Here’s an example of the JSON payload you might send to invoke this action:
{
"task": "text2img",
"width": 512,
"height": 512,
"prompt": "A alien cheeseburger creature eating itself, claymation, cinematic, moody lighting",
"scheduler": "ddim",
"imageWeight": 1,
"guidanceScale": 4,
"negativePrompt": "ugly, tiling, oversaturated, poorly drawn hands, poorly drawn feet, poorly drawn face, out of frame, extra limbs, disfigured, deformed, body out of frame, blurry, bad anatomy, blurred, watermark, grainy, signature, cut off, draft",
"numberOfOutputs": 1,
"numberOfStepsPrior": 2,
"numberOfInferenceSteps": 18
}
Output
The output of this action typically returns a list of image URLs generated based on the provided inputs. Here’s an example of a possible output:
[
"https://assets.cognitiveactions.com/invocations/9dbb5ff2-5b7f-4ba1-909b-2a04ebf35a15/a6cb298c-bd8d-48f3-aaba-4b6fa39f98be.png"
]
Conceptual Usage Example (Python)
Below is a conceptual Python code snippet demonstrating how to call the Generate Image with Kandinsky action using a hypothetical Cognitive Actions execution endpoint:
import requests
import json
# Replace with your Cognitive Actions API key and endpoint
COGNITIVE_ACTIONS_API_KEY = "YOUR_COGNITIVE_ACTIONS_API_KEY"

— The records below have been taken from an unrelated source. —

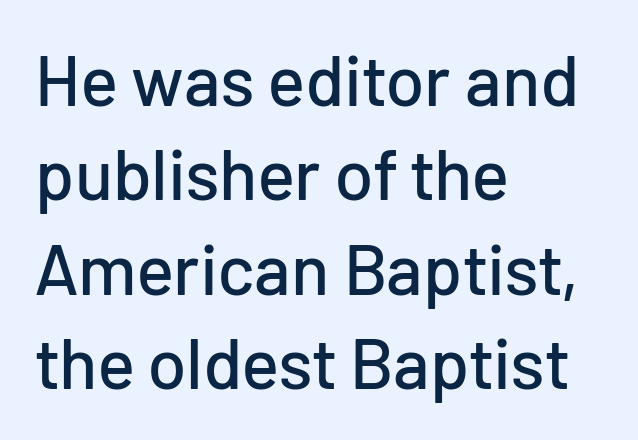
The image shows 71 px sans-serif type, upright; set left-aligned, normal line spacing (1.33x), normal letter spacing, not underlined; low stroke contrast and a medium x-height.
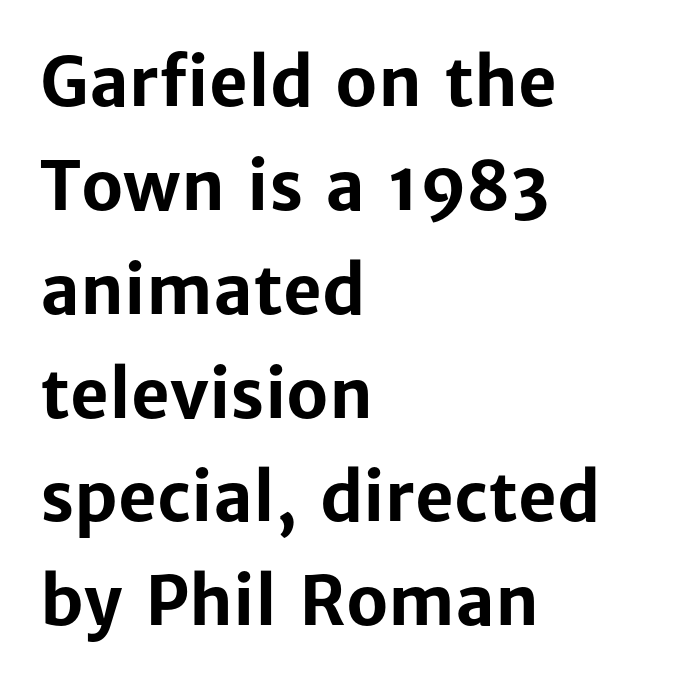
{"serif": "no", "italic": "no", "bold": "yes", "weight": "bold", "width": "normal", "stroke_contrast": "low", "x_height": "medium", "monospaced": "no", "underline": "no", "align": "left", "line_spacing": "normal", "line_spacing_ratio": 1.55, "letter_spacing": "normal", "letter_spacing_em": 0.0, "glyph_px": 67}
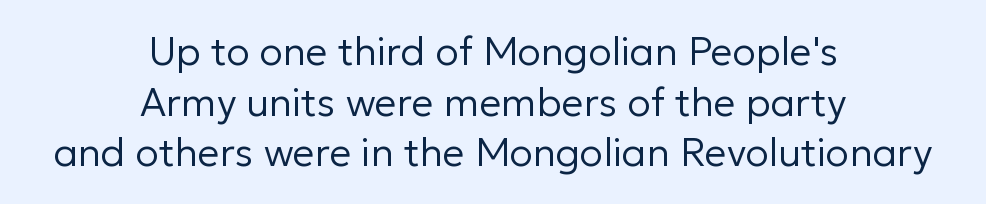
Compared with a typical body face, this is equally light or lighter still. The passage shown is typeset with a sans-serif family. The words here are not underlined. Notice how the stems are strictly vertical — no italics here. Every row of glyphs is offset so its center matches the block's center. A normal amount of white space separates one row of letters from the next.
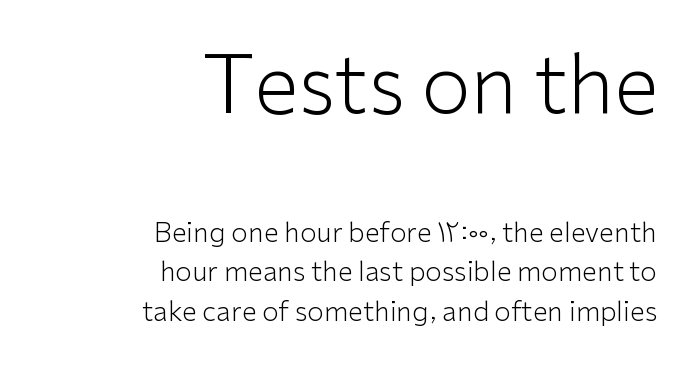
Q: Is the text bold? A: No.
Q: Is the text italic (slanted)? A: No, it is upright.
Q: Is the typeface a serif or a sans-serif typeface? A: Sans-serif.
Q: Is the text underlined? A: No.
Q: How is the paragraph aligned? A: Right-aligned.
Q: Is the spacing between letters normal or unusually wide? A: Normal.
Q: Is the spacing between lines tight, normal or loose? A: Normal.
Q: Which block of text is set in a larger size, the first (top) or the second (bottom)? A: The first (top) one.
Q: Width (condensed, normal, or wide)? A: Normal.
Q: Stroke contrast? A: Low.
Q: x-height? A: Medium.
Q: Monospaced? A: No.
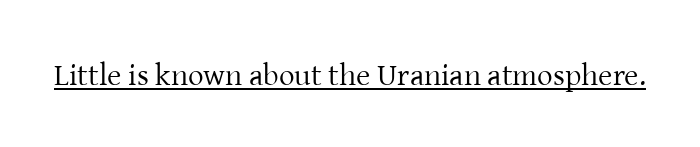
Q: Is the text bold? A: No.
Q: Is the text italic (slanted)? A: No, it is upright.
Q: Is the typeface a serif or a sans-serif typeface? A: Serif.
Q: Is the text underlined? A: Yes.
Q: Is the spacing between letters normal or unusually wide? A: Normal.
Q: Width (condensed, normal, or wide)? A: Normal.
Q: Stroke contrast? A: Low.
Q: x-height? A: Medium.
Q: Monospaced? A: No.
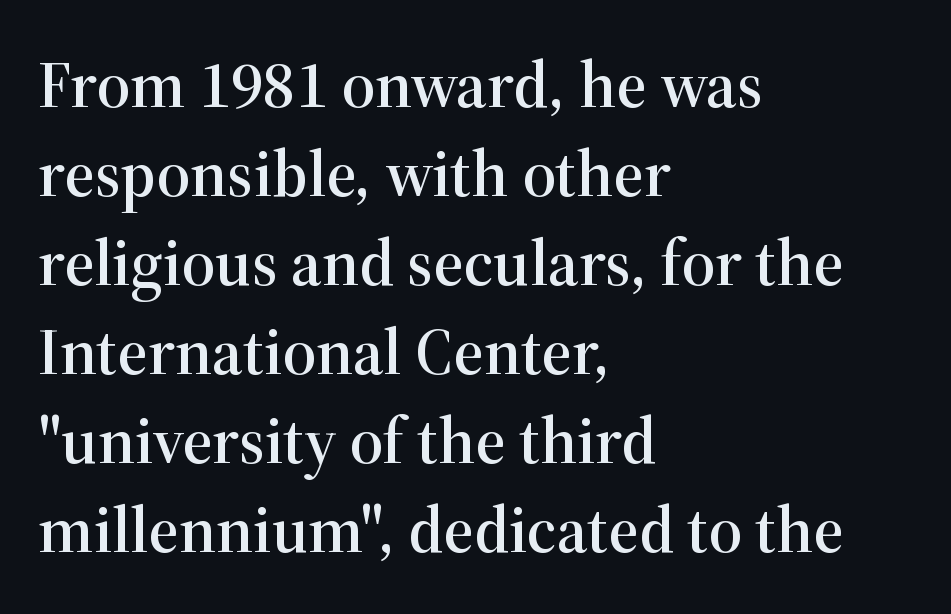
Q: Is the text italic (slanted)? A: No, it is upright.
Q: Is the typeface a serif or a sans-serif typeface? A: Serif.
Q: Is the text underlined? A: No.
Q: How is the paragraph aligned? A: Left-aligned.
Q: Is the spacing between letters normal or unusually wide? A: Normal.
Q: Is the spacing between lines tight, normal or loose? A: Normal.
Q: Width (condensed, normal, or wide)? A: Normal.
Q: Stroke contrast? A: High.
Q: x-height? A: Medium.
Q: Monospaced? A: No.
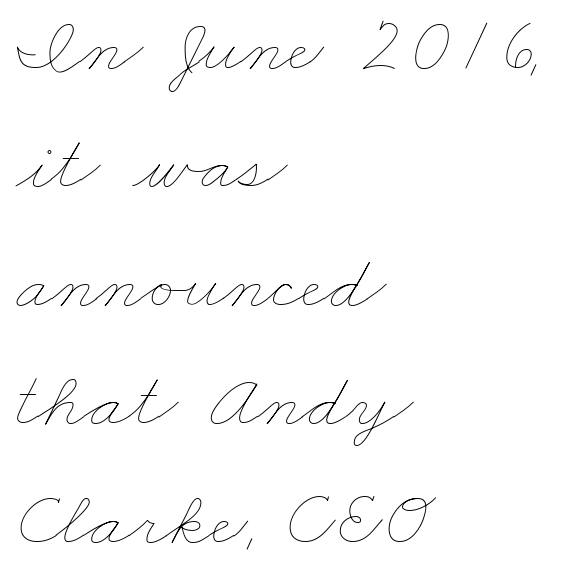
{"bold": "no", "weight": "thin", "width": "wide", "stroke_contrast": "low", "x_height": "small", "monospaced": "no", "underline": "no", "align": "left", "line_spacing": "normal", "line_spacing_ratio": 1.48, "letter_spacing": "normal", "letter_spacing_em": 0.0, "glyph_px": 80}

COGNITIVE_ACTIONS_EXECUTE_URL = "https://api.cognitiveactions.com/actions/execute" # Hypothetical endpoint
action_id = "e580824f-f675-4f9c-aca8-3c13b279d30a" # Action ID for Generate Image with Kandinsky
# Construct the input payload based on the action's requirements
payload = {
"task": "text2img",
"width": 512,
"height": 512,
"prompt": "A alien cheeseburger creature eating itself, claymation, cinematic, moody lighting",
"scheduler": "ddim",
"imageWeight": 1,
"guidanceScale": 4,
"negativePrompt": "ugly, tiling, oversaturated, poorly drawn hands, poorly drawn feet, poorly drawn face, out of frame, extra limbs, disfigured, deformed, body out of frame, blurry, bad anatomy, blurred, watermark, grainy, signature, cut off, draft",
"numberOfOutputs": 1,
"numberOfStepsPrior": 2,
"numberOfInferenceSteps": 18
}
headers = {
"Authorization": f"Bearer {COGNITIVE_ACTIONS_API_KEY}",
"Content-Type": "application/json"
}
try:
response = requests.post(
COGNITIVE_ACTIONS_EXECUTE_URL,
headers=headers,
json={"action_id": action_id, "inputs": payload} # Hypothetical structure
)
response.raise_for_status() # Raise an exception for bad status codes (4xx or 5xx)
result = response.json()
print("Action executed successfully:")
print(json.dumps(result, indent=2))
except requests.exceptions.RequestException as e:
print(f"Error executing action {action_id}: {e}")
if e.response is not None:
print(f"Response status: {e.response.status_code}")
try:
print(f"Response body: {e.response.json()}")
except json.JSONDecodeError:
print(f"Response body: {e.response.text}")
In this code snippet, replace the COGNITIVE_ACTIONS_API_KEY and COGNITIVE_ACTIONS_EXECUTE_URL with your actual credentials and endpoint. The action ID and input payload are structured to match the requirements for generating an image.
Conclusion
The Kandinsky Cognitive Actions provide an exciting avenue for developers to integrate innovative image generation capabilities into their applications. By leveraging the power of the Kandinsky 2.1 model, you can create visually stunning content with minimal effort. Whether you're aiming to generate artwork, enhance user interfaces, or explore creative possibilities, these actions open up a world of potential. Start experimenting today and bring your ideas to life!